The rules were revised in order to promote physical distancing, and thus decrease the spread of COVID-19. But the change has also profoundly improved the ability for providers like me to address the ongoing national epidemic of addiction and overdose that preceded COVID-19, and that will almost certainly outlast it. Many of my patients are unemployed, tenuously housed, or without any housing at all. With this rule change, I can now prescribe to patients who don’t have bus money to make it to clinic, but who have a phone, or can borrow one. I can prescribe to patients I would never see in clinic, even if I gave them bus tickets, because it is too hard to navigate our halls and elevators while also carrying their sleeping bags and tents. And I can see patients who live in rural parts of our state and don’t have the resources to travel. Certainly, there are still significant barriers to care — access to phones, wireless, and data plans chief among them. Nevertheless, this is a critical advance.

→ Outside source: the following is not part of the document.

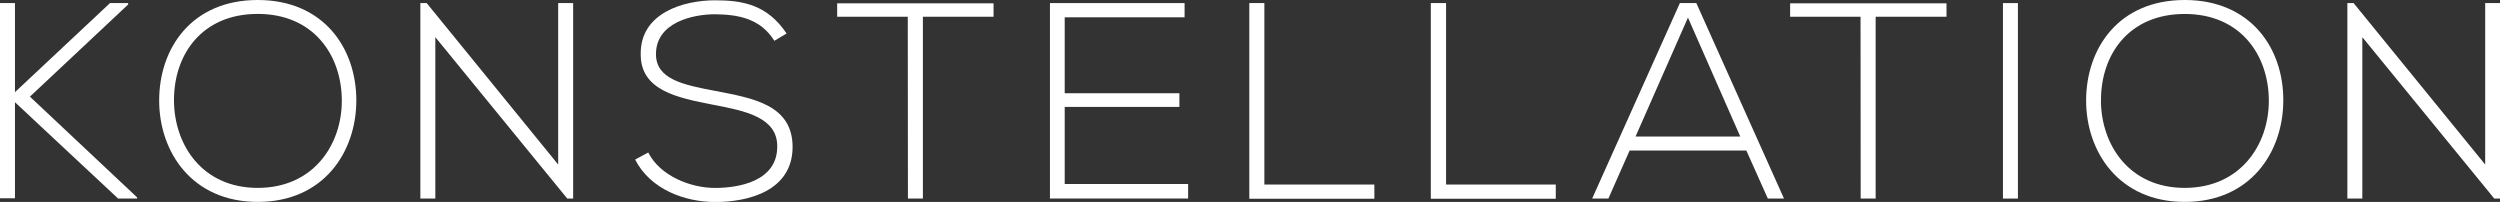 <svg xmlns="http://www.w3.org/2000/svg" viewBox="0 0 501.36 40.49"><rect x="0" y="0" width="501.36" height="40.49" fill="#333333" stroke="none"/><defs><style>.cls-1{fill:#fff;}</style></defs><title>s13_two_text1</title><g id="Ebene_2" data-name="Ebene 2"><g id="Layer_1" data-name="Layer 1"><path class="cls-1" d="M27.5,39.82H23.69L3,20.5V39.76H0V.62H3V18.48L22.06.62H25.7V.9L6,19.38,27.5,39.59Z"/><path class="cls-1" d="M71.46,20.27c-.06,10.3-6.61,20.22-19.77,20.22s-19.77-10-19.77-20.33C31.92,9.63,38.47,0,51.69,0S71.51,9.69,71.46,20.27Zm-36.57-.06c.06,8.85,5.66,17.47,16.8,17.47s16.86-8.62,16.86-17.47c0-9.07-5.6-17.42-16.86-17.42S34.83,11,34.89,20.22Z"/><path class="cls-1" d="M85.57.62,111.94,33V.62h3v39.2h-1.18L87.3,7.45V39.82h-3V.62Z"/><path class="cls-1" d="M155.29,8.18c-2.86-4.59-7.45-5.26-11.87-5.32-4.59,0-11.87,1.68-11.87,8,0,5,5.38,6.16,12,7.39,7.56,1.46,15.4,2.8,15.4,11.26-.06,8.85-9,11-15.51,11-6.1,0-13-2.52-16.07-8.51L130,30.58c2.41,4.76,8.57,7.11,13.38,7.11s12.49-1.34,12.49-8.29c.06-5.88-6.44-7.17-12.88-8.4-7.17-1.4-14.5-2.86-14.5-10.08C128.35,2.63,137,.06,143.41.06c5.6,0,10.47.9,14.34,6.66Z"/><path class="cls-1" d="M182.05,3.36H167.89V.67h31.36V3.36H185.08V39.82h-3Z"/><path class="cls-1" d="M213.52,18.7h23v2.74h-23V36.9h24.75v2.91H210.56V.62h27V3.47H213.52Z"/><path class="cls-1" d="M253.56.62V37h22.06v2.86H250.54V.62Z"/><path class="cls-1" d="M290,.62V37H312v2.86H286.94V.62Z"/><path class="cls-1" d="M354.53,39.82l-4.31-9.63H326.81l-4.26,9.63h-3.25L336.89.62h3.3l17.58,39.2ZM349,27.38,338.51,3.53,328,27.38Z"/><path class="cls-1" d="M373.12,3.36H359V.67h31.36V3.36H376.15V39.82h-3Z"/><path class="cls-1" d="M401.68,39.82V.62h3v39.2Z"/><path class="cls-1" d="M457.9,20.27c-.06,10.3-6.61,20.22-19.77,20.22s-19.77-10-19.77-20.33C418.37,9.63,424.92,0,438.14,0S458,9.69,457.9,20.27Zm-36.57-.06c.06,8.85,5.66,17.47,16.8,17.47S455,29.06,455,20.22c0-9.07-5.6-17.42-16.86-17.42S421.28,11,421.34,20.22Z"/><path class="cls-1" d="M472,.62,498.39,33V.62h3v39.2h-1.18L473.75,7.45V39.82h-3V.62Z"/></g></g></svg>

Providing care virtually also has another important benefit. In the rush of a busy clinic day, it can be difficult to remember to ask about the details of a patient’s life, the context in which their health, disease, and habits develop and thrive. It is even harder to pay sufficient, focused, attention to the answers. But when I see John on screen, I don’t have to remember to ask if he smokes. He’s puffing away in front of me. More than that, I see the relief it brings him, on that orange couch, in this scary time, and that helps me understand when he says he’s not yet ready to quit. When I see my next patient, I don’t need to remember to inquire about housing: he’s calling from a Walmart parking lot, near where he plans to camp for the night. Later that evening, I see only the shadow of my last patient, inside her car, tight and dark. I don’t need to wonder why her answers are clipped, and she can’t seem to focus.

Seeing my patients like this does not mean I now understand what it’s like to be without shelter, or that I get what it is like sleep in my car, grateful for slim protection of doors that lock. I have the great fortune of talking to patients from my warm office. When we finish, I have a home to return to. But at the very least, I am denied the luxury of tucking my patient’s lack of shelter, or loneliness, or nighttime fear into the corner of my mind as an abstraction.

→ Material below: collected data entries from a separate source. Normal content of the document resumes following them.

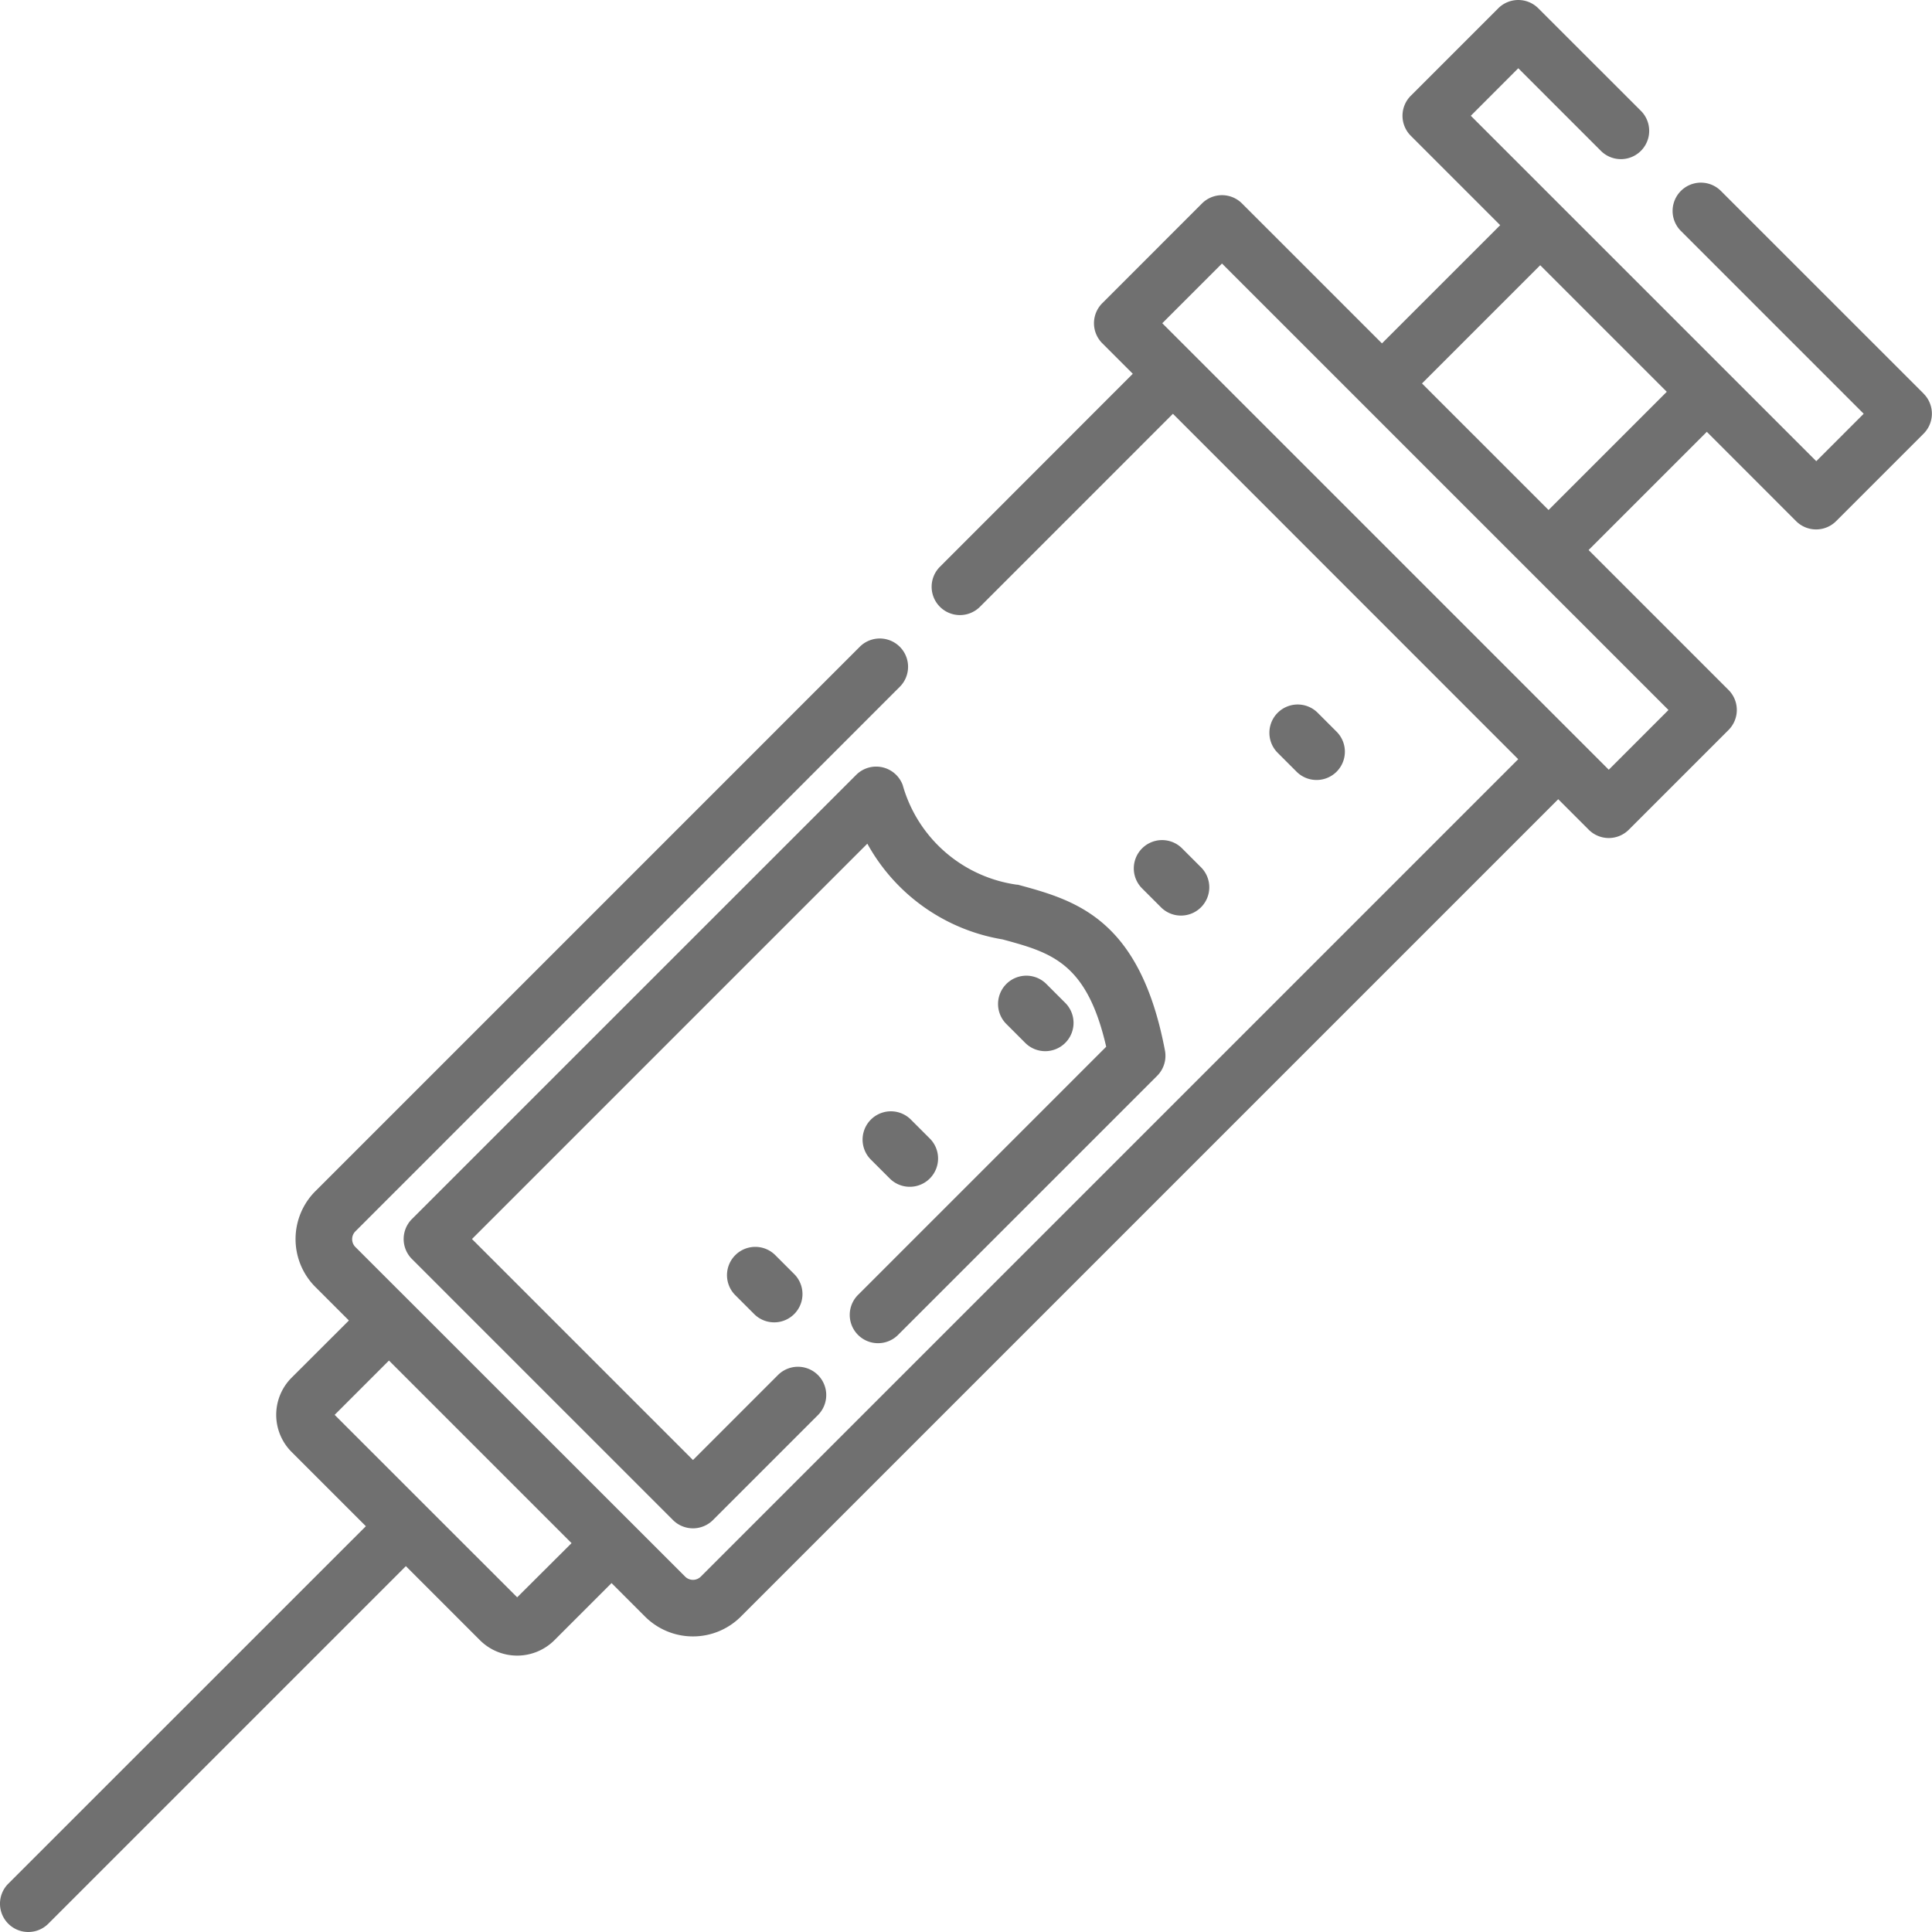 <?xml version="1.0" encoding="UTF-8"?>
<svg xmlns="http://www.w3.org/2000/svg" xmlns:xlink="http://www.w3.org/1999/xlink" viewBox="0 0 62.281 62.281">
  <defs>
    <clipPath id="clip-path">
      <rect id="Rechteck_200" data-name="Rechteck 200" width="62.281" height="62.281" fill="#707070"></rect>
    </clipPath>
  </defs>
  <g id="Gruppe_maskieren_68" data-name="Gruppe maskieren 68" clip-path="url(#clip-path)">
    <g id="syringe" transform="translate(0 0)">
      <path id="Pfad_944" data-name="Pfad 944" d="M52.113,30.511a.912.912,0,0,0,.645-1.557l-.609-.609a.912.912,0,0,0-1.29,1.29l.609.609A.91.91,0,0,0,52.113,30.511Z" transform="translate(-9.671 -5.367)" fill="#707070"></path>
      <path id="Pfad_945" data-name="Pfad 945" d="M46.709,35.915a.912.912,0,0,0,.645-1.557l-.609-.609a.912.912,0,1,0-1.29,1.29l.609.609a.909.909,0,0,0,.645.267Z" transform="translate(-8.638 -6.4)" fill="#707070"></path>
      <path id="Pfad_946" data-name="Pfad 946" d="M41.3,41.319a.912.912,0,0,0,.645-1.557l-.609-.609a.912.912,0,0,0-1.29,1.29l.609.609A.91.91,0,0,0,41.3,41.319Z" transform="translate(-7.605 -7.433)" fill="#707070"></path>
      <path id="Pfad_947" data-name="Pfad 947" d="M35.9,46.724a.912.912,0,0,0,.645-1.557l-.609-.609a.912.912,0,0,0-1.29,1.29l.609.609A.91.91,0,0,0,35.9,46.724Z" transform="translate(-6.572 -8.466)" fill="#707070"></path>
      <path id="Pfad_948" data-name="Pfad 948" d="M29.242,49.961a.912.912,0,0,0,0,1.29l.609.609a.912.912,0,0,0,1.29-1.29l-.609-.609a.912.912,0,0,0-1.29,0Z" transform="translate(-5.539 -9.499)" fill="#707070"></path>
      <path id="Pfad_949" data-name="Pfad 949" d="M35.874,34.363a4.467,4.467,0,0,1-3.7-3.218.912.912,0,0,0-1.5-.323L16.355,45.138a.912.912,0,0,0,0,1.29l8.414,8.414a.913.913,0,0,0,1.29,0l3.384-3.384a.912.912,0,1,0-1.29-1.29l-2.739,2.739L18.29,45.783,31.035,33.038a6.122,6.122,0,0,0,4.359,3.086c1.564.425,2.716.738,3.341,3.46l-8,8a.912.912,0,0,0,1.29,1.29l8.353-8.353a.912.912,0,0,0,.251-.815c-.81-4.276-2.9-4.846-4.752-5.348Z" transform="translate(-3.075 -5.841)" fill="#707070"></path>
      <path id="Pfad_950" data-name="Pfad 950" d="M62.014,12.692,55.476,6.155a.912.912,0,1,0-1.29,1.29l5.893,5.893-1.529,1.529L47.414,3.732,48.944,2.2l2.663,2.663a.912.912,0,1,0,1.29-1.29L49.589.267a.913.913,0,0,0-1.29,0l-2.82,2.82a.912.912,0,0,0,0,1.29l2.882,2.882L44.55,11.07,40.038,6.559a.912.912,0,0,0-1.29,0L35.533,9.775a.913.913,0,0,0,0,1.29l.984.984L30.3,18.271a.912.912,0,0,0,1.29,1.29l6.221-6.222L48.942,24.474l-26.35,26.35a.358.358,0,0,1-.506,0L11.457,40.2a.358.358,0,0,1,0-.506L29.006,22.14a.912.912,0,0,0-1.29-1.29L10.166,38.4a2.185,2.185,0,0,0,0,3.087l1.081,1.081L9.4,44.412a1.693,1.693,0,0,0,0,2.394L11.794,49.2.267,60.724a.912.912,0,0,0,1.29,1.29L13.084,50.487l2.391,2.391a1.7,1.7,0,0,0,2.394,0l1.845-1.845,1.081,1.081a2.185,2.185,0,0,0,3.087,0l26.35-26.35.984.984a.913.913,0,0,0,1.29,0l3.216-3.216a.913.913,0,0,0,0-1.29l-4.511-4.511,3.811-3.811L57.9,16.8a.913.913,0,0,0,1.29,0l2.82-2.82a.912.912,0,0,0,0-1.29Zm-45.342,38.8L13.73,48.552h0l-2.942-2.942,1.751-1.751,5.886,5.886ZM51.861,24.813,37.468,10.42l1.925-1.925L53.786,22.888ZM49.92,16.441l-4.08-4.08L49.651,8.55l4.08,4.08Z" transform="translate(0 0)" fill="#707070"></path>
    </g>
  </g>
</svg>

Talking to John, I can see a stain in the shape of Florida snaking behind him on the couch. I can also see the affection on his face when the rapper starts up again. He smiles and shakes his head, ‘Man, he is terrible.’ He calls out, with renewed force, but no anger: ‘I said, shut the fuck up!’ Then he moves into the bathroom to sit on the edge of the tub to finish our conversation. That is another gift of this technology: I see John’s resilience, and know he is not entirely alone.

COVID-19 has steeped our country in sorrow, fear, and isolation, the perfect soil for addiction to take root. My clinic has already seen a surge in patients seeking care for substance use disorders, and demand for our services will likely remain high, or grow. There have been so few silver linings to this horror: maybe the air is cleaner, maybe we are a little less rushed, maybe we’ve learned that not all meetings require a drive across town, or a flight across the country. This little rule change with its life-saving effects is another bit of silver. I can take care of patients in need of addiction services, wherever they are, whenever they are ready. When the world goes back to normal, or whatever version of normal is possible, it is critical that the rule change remain in place, a tiny, shiny, nugget of hope.

Dr Jessica Gregg is associate professor of medicine at Oregon Health and Science University, medical director for the OHSU Addiction Medicine ECHO clinic and associate program director for the OHSU Addiction Medicine Fellowship.